Preguntas frecuentes sobre la receta de Brandada de bacalao
La brandada ha soltado aceite, ¿puede recuperarse?
Trabaja una porción en un vaso limpio con una cucharada de leche templada y añade poco a poco la mezcla cortada, como al reconstruir una emulsión.
¿Esta fórmula lleva patata?
No. Obtiene cuerpo del propio bacalao y de la emulsión con aceite y leche. Incorporar patata daría una versión distinta, más suave y con otros valores nutricionales.
¿Debe servirse caliente o fría?
Resulta más untuosa templada. Si se refrigera, deja que pierda parte del frío y remueve suavemente antes de servir, sin hervir ni recalentar de forma agresiva.
Curiosidades y más información sobre la receta
El pescado aporta la fase que sostiene la emulsión
Al triturarse, las fibras y proteínas del bacalao ayudan a dispersar el aceite en pequeñas gotas. La leche proporciona agua y suavidad, mientras una incorporación gradual evita que la grasa se acumule y se separe.
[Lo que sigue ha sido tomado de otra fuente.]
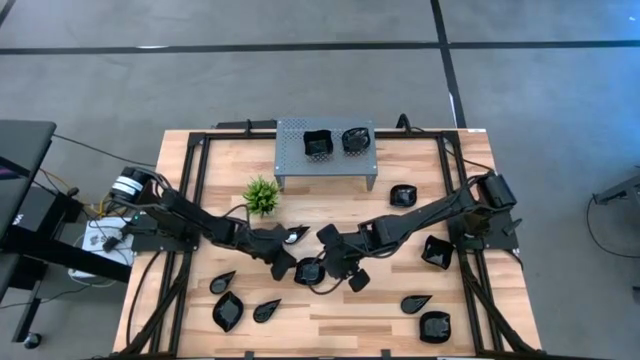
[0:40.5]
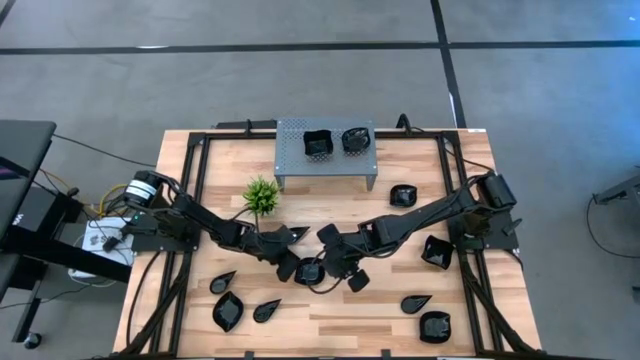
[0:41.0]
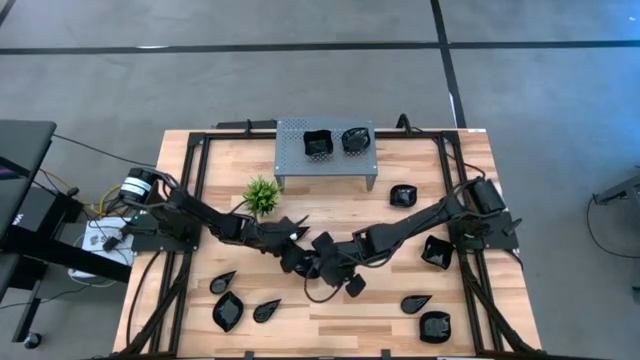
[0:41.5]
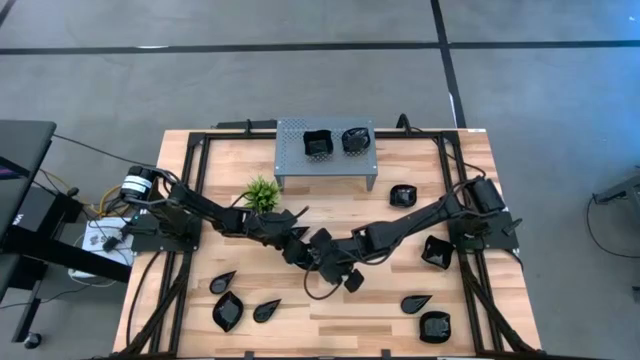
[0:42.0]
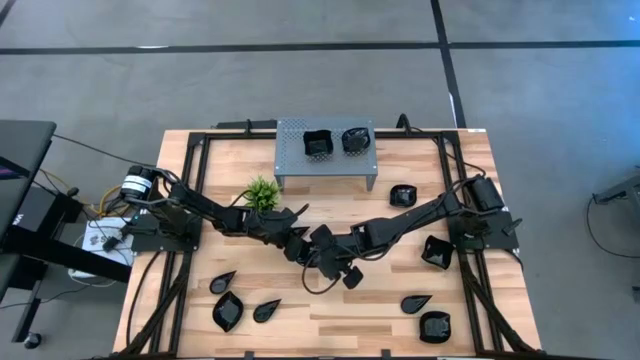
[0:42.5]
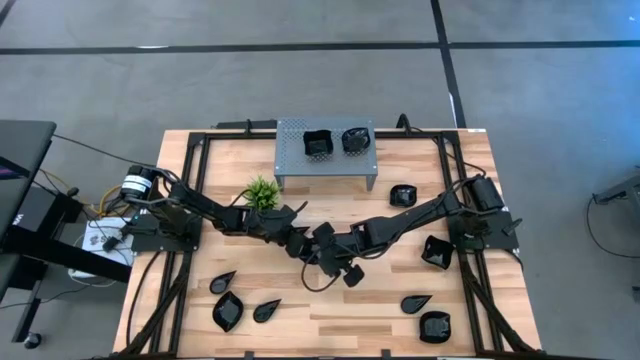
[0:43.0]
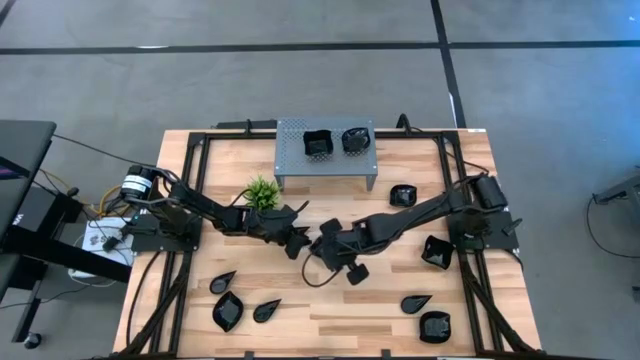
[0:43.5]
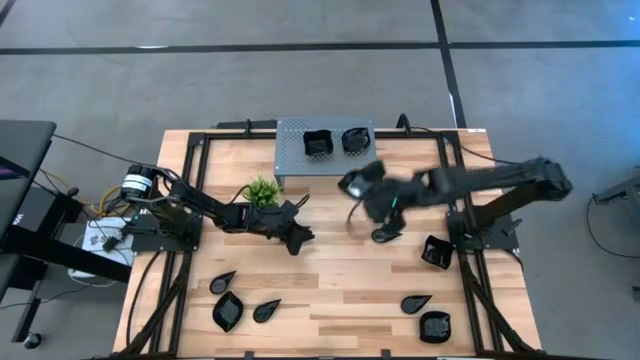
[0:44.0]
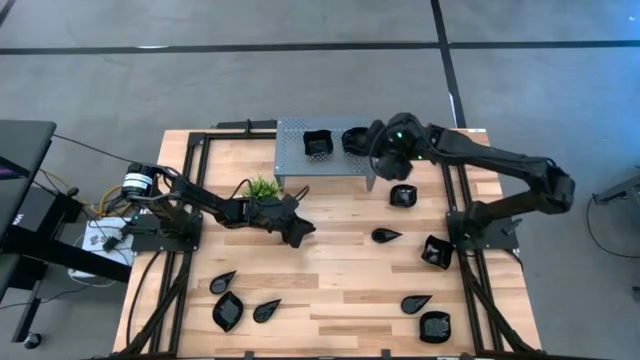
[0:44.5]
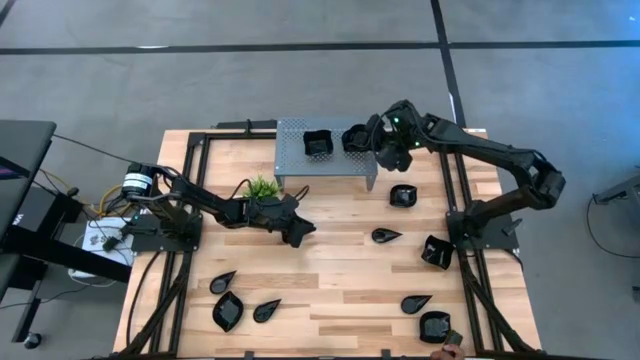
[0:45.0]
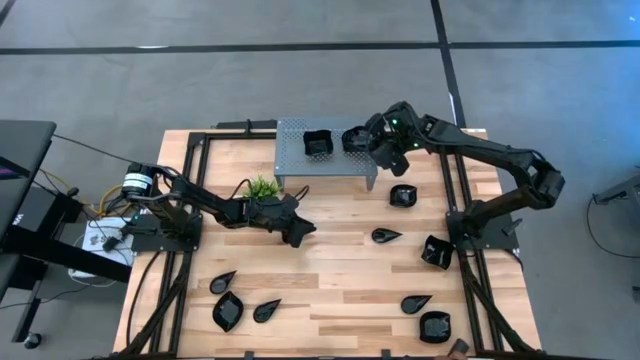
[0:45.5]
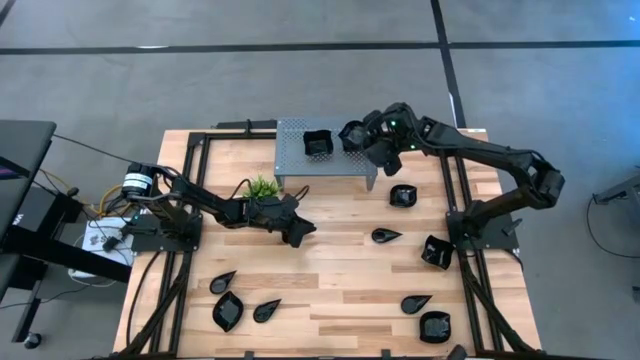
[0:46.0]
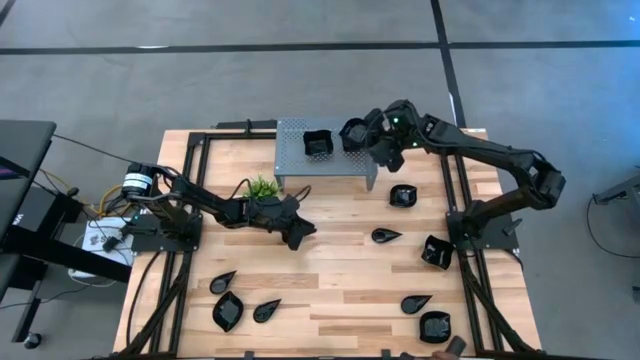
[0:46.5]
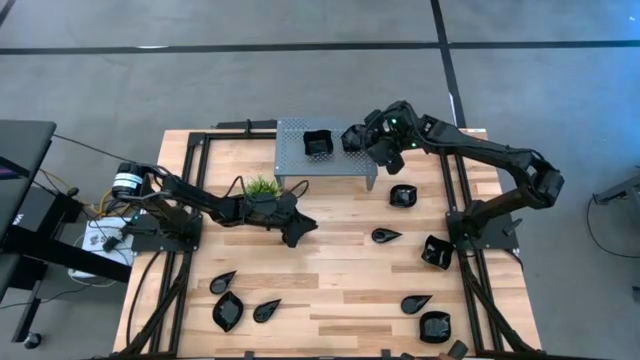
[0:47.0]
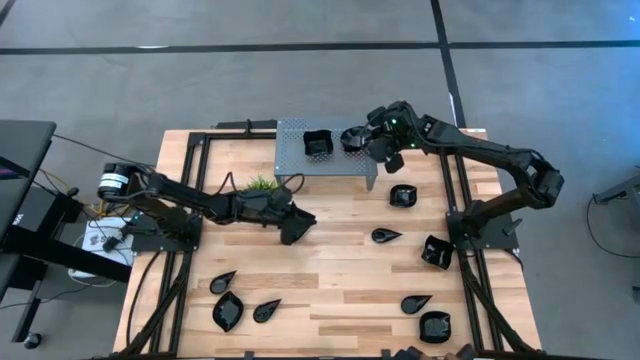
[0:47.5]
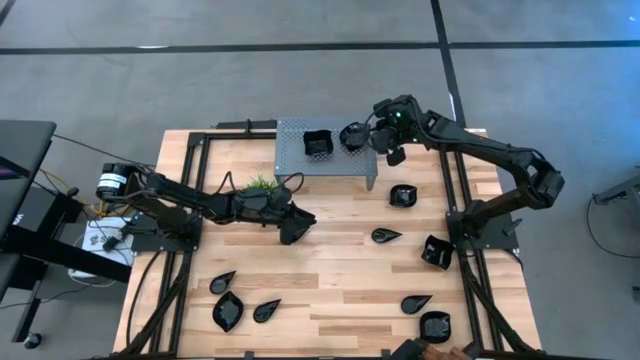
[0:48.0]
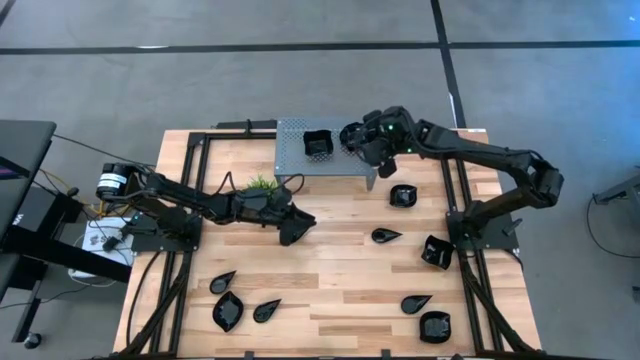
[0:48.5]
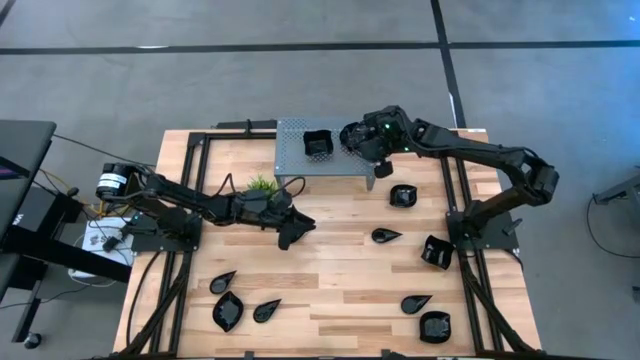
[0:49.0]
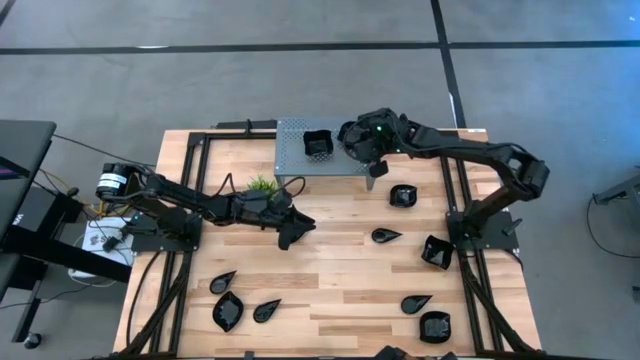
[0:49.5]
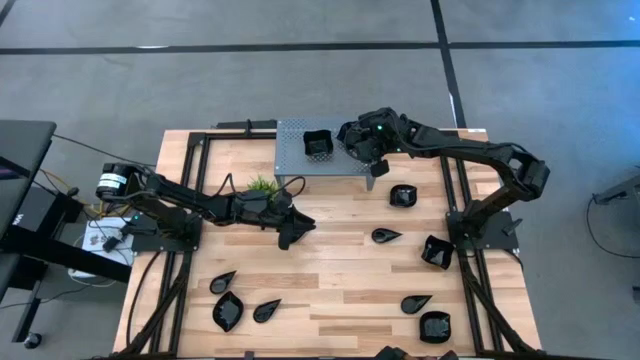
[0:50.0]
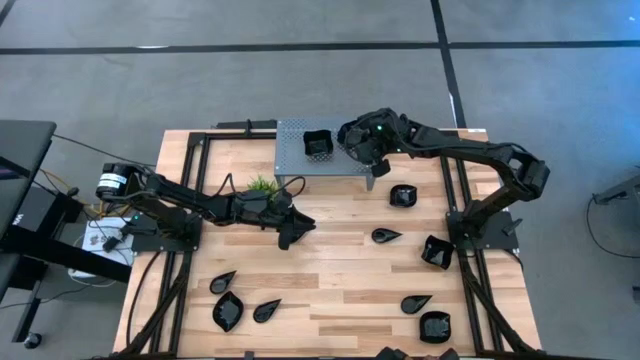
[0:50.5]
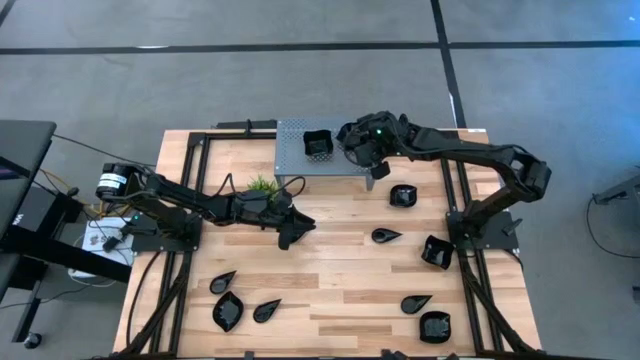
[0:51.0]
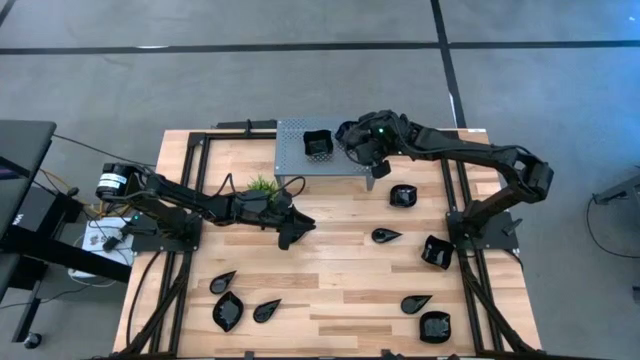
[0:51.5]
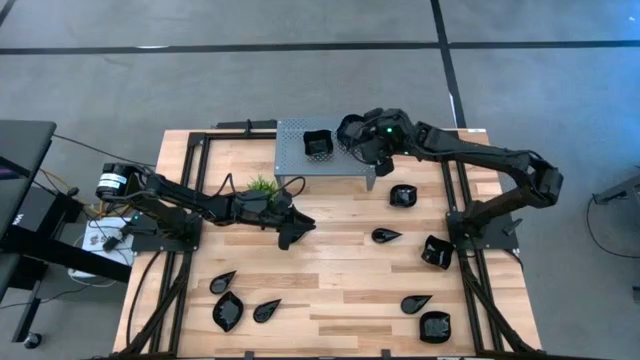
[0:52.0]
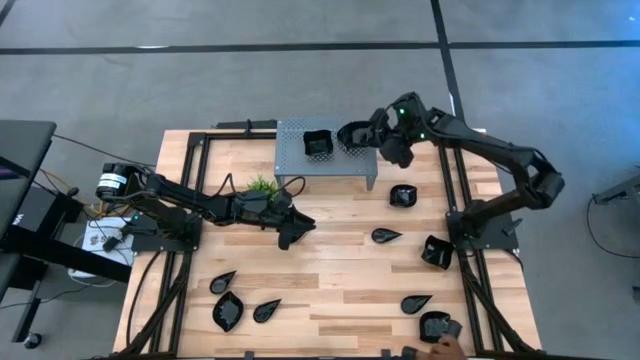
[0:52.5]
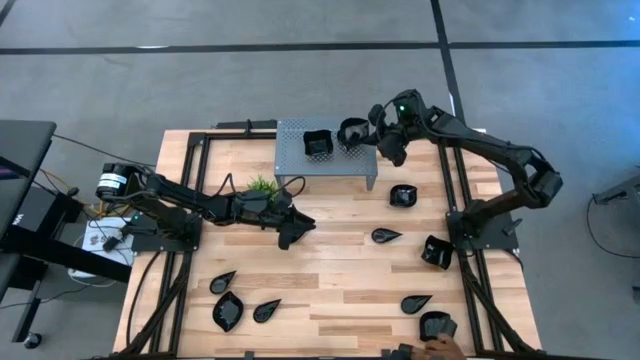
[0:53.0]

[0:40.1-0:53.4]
Task: Pick & Place Mini shaped plates
Stack the black leaf-shaped plate on top of the black leaf-shaped plate on the shelf

El hilo fino ofrece tiempo para que cada adición quede incorporada antes de la siguiente.
Confitar conserva jugos y evita tostados
El aceite caliente cocina el bacalao con suavidad sin crear la corteza propia de una fritura. También extrae el aroma del ajo, que debe permanecer claro para mantener un fondo limpio en una preparación completamente triturada. Los jugos del pescado se conservan y entran en la emulsión junto con la leche.
La temperatura transforma la consistencia
El aceite y las proteínas se sienten más firmes al enfriarse, de modo que una brandada recién sacada de la nevera parece más densa. Servirla templada recupera capacidad de untar sin necesidad de añadir líquido adicional. Un calentamiento suave posterior debe hacerse removiendo para no romper esa estructura.